L'engagement pris par le Cambodge envers l'Association des nations de l'Asie du Sud-est (ANASE), qui affirment que l'organisme régional est « centré sur le peuple », sonne creux au moment où les autorités empêchent la tenue, dans le cadre d'une conférence de l'ANASE à Phnom Penh, d'un atelier sur la situation des droits de la personne en Birmanie, selon ce que rapporte le Centre des droits de la personne du Cambodge (Cambodian Center for Human Rights, CCHR).

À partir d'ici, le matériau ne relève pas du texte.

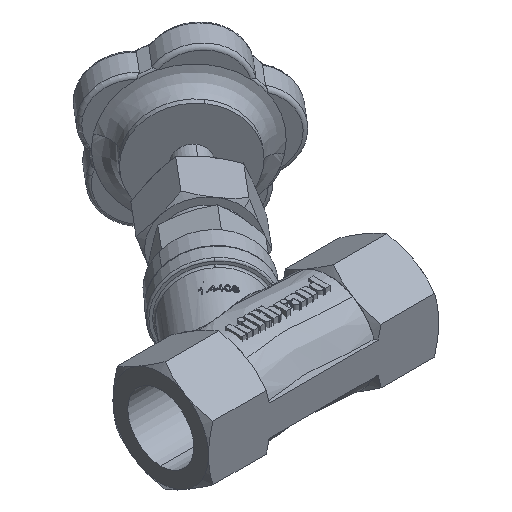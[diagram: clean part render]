
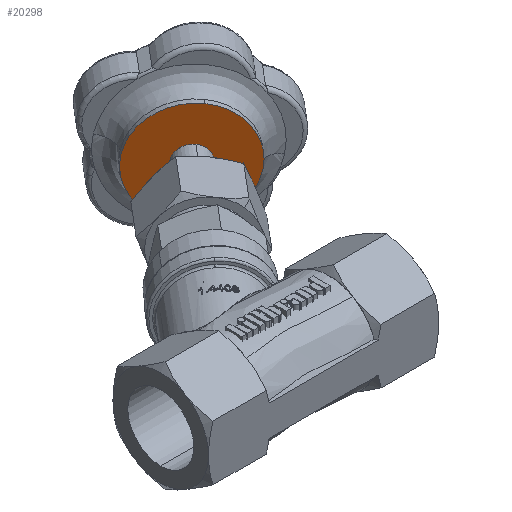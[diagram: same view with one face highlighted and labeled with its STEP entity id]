
A CAD part, isometric view. The second image highlights one B-rep face of the part: STEP entity #20298.
In plain terms, the highlighted face is planar.
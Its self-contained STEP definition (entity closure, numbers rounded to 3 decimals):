
#148 = ORIENTED_EDGE ( 'NONE', *, *, #4996, .T. ) ;
#453 = EDGE_LOOP ( 'NONE', ( #10276, #4959, #9869, #148 ) ) ;
#868 = CARTESIAN_POINT ( 'NONE',  ( 3., -3., -6.5 ) ) ;
#1330 = CARTESIAN_POINT ( 'NONE',  ( 0., 0., -6.5 ) ) ;
#1823 = LINE ( 'NONE', #7521, #18502 ) ;
#3100 = VECTOR ( 'NONE', #15388, 1000. ) ;
#3253 = VERTEX_POINT ( 'NONE', #14463 ) ;
#3257 = VERTEX_POINT ( 'NONE', #16443 ) ;
#3422 = ORIENTED_EDGE ( 'NONE', *, *, #14646, .T. ) ;
#3438 = EDGE_CURVE ( 'NONE', #12449, #13622, #1823, .T. ) ;
#3526 = LINE ( 'NONE', #18596, #3100 ) ;
#3836 = EDGE_CURVE ( 'NONE', #3257, #3253, #12195, .T. ) ;
#4111 = AXIS2_PLACEMENT_3D ( 'NONE', #1330, #13086, #9797 ) ;
#4959 = ORIENTED_EDGE ( 'NONE', *, *, #20598, .T. ) ;
#4996 = EDGE_CURVE ( 'NONE', #16523, #12449, #3526, .T. ) ;
#5777 = DIRECTION ( 'NONE',  ( 0., 0., -1. ) ) ;
#6617 = CARTESIAN_POINT ( 'NONE',  ( -3., -3., -6.5 ) ) ;
#7483 = AXIS2_PLACEMENT_3D ( 'NONE', #7669, #5777, #7548 ) ;
#7521 = CARTESIAN_POINT ( 'NONE',  ( -3., 3., -6.5 ) ) ;
#7548 = DIRECTION ( 'NONE',  ( 0., 1., 0. ) ) ;
#7669 = CARTESIAN_POINT ( 'NONE',  ( 0., 0., -6.5 ) ) ;
#8874 = DIRECTION ( 'NONE',  ( 1., 0., 0. ) ) ;
#8957 = DIRECTION ( 'NONE',  ( 0., -1., 0. ) ) ;
#9007 = FACE_OUTER_BOUND ( 'NONE', #11477, .T. ) ;
#9114 = DIRECTION ( 'NONE',  ( 0., -1., 0. ) ) ;
#9797 = DIRECTION ( 'NONE',  ( 0., 1., 0. ) ) ;
#9869 = ORIENTED_EDGE ( 'NONE', *, *, #20818, .T. ) ;
#10276 = ORIENTED_EDGE ( 'NONE', *, *, #3438, .T. ) ;
#11477 = EDGE_LOOP ( 'NONE', ( #3422, #15889 ) ) ;
#11544 = CARTESIAN_POINT ( 'NONE',  ( 3., 3., -6.5 ) ) ;
#11607 = LINE ( 'NONE', #13467, #13577 ) ;
#12195 = CIRCLE ( 'NONE', #4111, 14.5 ) ;
#12377 = LINE ( 'NONE', #19426, #16040 ) ;
#12399 = PLANE ( 'NONE',  #18150 ) ;
#12449 = VERTEX_POINT ( 'NONE', #14106 ) ;
#12508 = DIRECTION ( 'NONE',  ( 0., 0., -1. ) ) ;
#13086 = DIRECTION ( 'NONE',  ( 0., 0., -1. ) ) ;
#13467 = CARTESIAN_POINT ( 'NONE',  ( 3., -3., -6.5 ) ) ;
#13577 = VECTOR ( 'NONE', #16658, 1000. ) ;
#13622 = VERTEX_POINT ( 'NONE', #6617 ) ;
#14106 = CARTESIAN_POINT ( 'NONE',  ( -3., 3., -6.5 ) ) ;
#14153 = CIRCLE ( 'NONE', #7483, 14.5 ) ;
#14463 = CARTESIAN_POINT ( 'NONE',  ( 0., 14.5, -6.5 ) ) ;
#14646 = EDGE_CURVE ( 'NONE', #3253, #3257, #14153, .T. ) ;
#15388 = DIRECTION ( 'NONE',  ( -1., 0., 0. ) ) ;
#15889 = ORIENTED_EDGE ( 'NONE', *, *, #3836, .T. ) ;
#16040 = VECTOR ( 'NONE', #8874, 1000. ) ;
#16443 = CARTESIAN_POINT ( 'NONE',  ( 0., -14.5, -6.5 ) ) ;
#16523 = VERTEX_POINT ( 'NONE', #11544 ) ;
#16658 = DIRECTION ( 'NONE',  ( 0., 1., 0. ) ) ;
#18150 = AXIS2_PLACEMENT_3D ( 'NONE', #19449, #12508, #9114 ) ;
#18502 = VECTOR ( 'NONE', #8957, 1000. ) ;
#18596 = CARTESIAN_POINT ( 'NONE',  ( 3., 3., -6.5 ) ) ;
#19119 = FACE_BOUND ( 'NONE', #453, .T. ) ;
#19426 = CARTESIAN_POINT ( 'NONE',  ( -3., -3., -6.5 ) ) ;
#19449 = CARTESIAN_POINT ( 'NONE',  ( 0., 7.25, -6.5 ) ) ;
#20298 = ADVANCED_FACE ( 'NONE', ( #19119, #9007 ), #12399, .T. ) ;
#20375 = VERTEX_POINT ( 'NONE', #868 ) ;
#20598 = EDGE_CURVE ( 'NONE', #13622, #20375, #12377, .T. ) ;
#20818 = EDGE_CURVE ( 'NONE', #20375, #16523, #11607, .T. ) ;
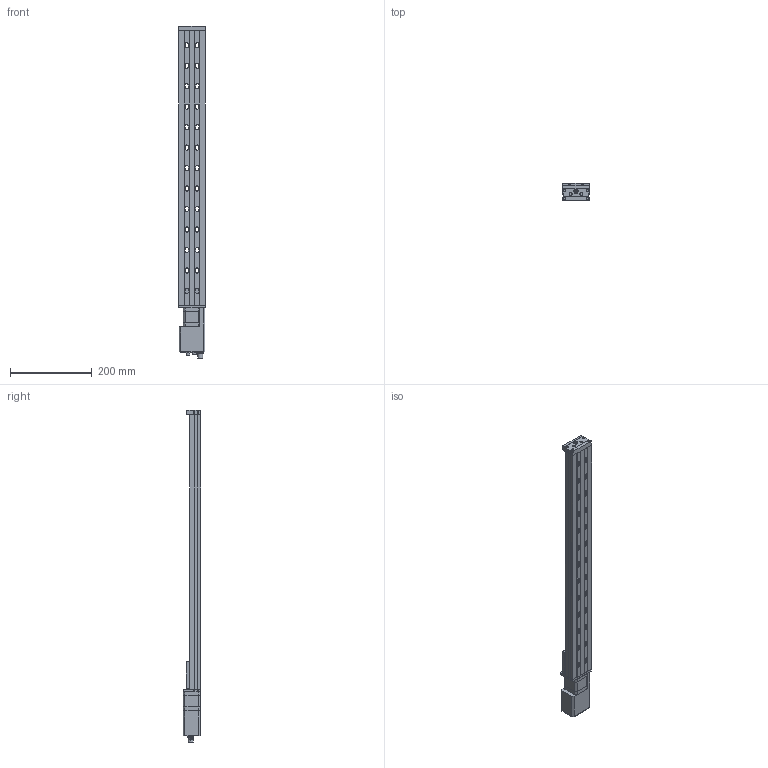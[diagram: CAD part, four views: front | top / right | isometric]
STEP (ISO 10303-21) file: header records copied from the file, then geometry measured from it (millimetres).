
FILE_DESCRIPTION (( 'STEP AP203' ), '1' );
FILE_NAME ('X-LSQ600x-E01.step', '2023-05-17T23:28:47', ( '' ), ( '' ), 'SwSTEP 2.0', 'SolidWorks 2019', '' );
FILE_SCHEMA (( 'CONFIG_CONTROL_DESIGN' ));
Length unit declared in the file: millimetre
Products named in the file (4): X-LSQ600x-E01; LSQ_base^LSQ_LSQ600; NMS17_motor^LSQ_X-LSQ-E01; LSQ_carriage^LSQ_Standard
Assembly tree (3 placements, depth 2):
  X-LSQ600x-E01
    LSQ_base^LSQ_LSQ600
    LSQ_carriage^LSQ_Standard
    NMS17_motor^LSQ_X-LSQ-E01
Bounding box: 65 x 43.1 x 810.85 mm (x, y, z)
Volume: 845747.5 mm3; surface area: 268775.6 mm2
Topology: 29 solids, 29 shells, 1017 faces, 2676 edges, 1752 vertices
Faces by surface type: plane 527, cylinder 448, cone 32, torus 10
Entity records: 32582 total; most frequent: CARTESIAN_POINT 6165, DIRECTION 5588, ORIENTED_EDGE 5328, EDGE_CURVE 2664, AXIS2_PLACEMENT_3D 2011, VERTEX_POINT 1752, VECTOR 1566, LINE 1566

Selon le CCHR, en effet, les autorités ont exercé des pressions sur l'un des lieux qui accueillaient un sommet parallèle des peuples, forçant les groupes à déplacer leurs ateliers ou même à les annuler complètement. À part l'atelier sur la Birmanie, les séances visées se penchaient sur les droits fonciers et les évictions, les droits fonciers des autochtones, ainsi que sur des questions agro-industrielles et environnementales.

« Les organisations de la société civile sont venues à Phnom Penh en toute bonne foi pour discuter de questions affectant les peuples de l'ANASE, et on les a empêchées de prendre la parole. Une telle limitation du droit à la liberté d'expression est inacceptable », a déclaré le président du CCHR, Virak Ou.

L'interruption des ateliers survient après des avertissements émis par le chef de la police de Phnom Penh, Touch Naroth, selon qui des groupes ne seraient pas admis à manifester paisiblement à l'occasion du sommet de l'ANASE, les 3 et 4 avril.

Comme s'il lui fallait prouver son argument, une manifestation de travailleurs d'une usine de vêtements a été durement réprimée la semaine dernière. Prenant la parole en réponse à cette violence, Naroth a déclaré que le gens devaient penser à la « dignité » du pays.

Lors d'un autre incident, un groupe de 30 villageois de Koh Kong, qui est partie à un litige foncier l'opposant à une compagnie chinoise, est venu à Phnom Penh le 30 mars remettre une pétition an Président chinois Hu Jintao. Ils ont reçu de la police l'ordre de monter dans un autobus qui les a ramenés à Koh Kong.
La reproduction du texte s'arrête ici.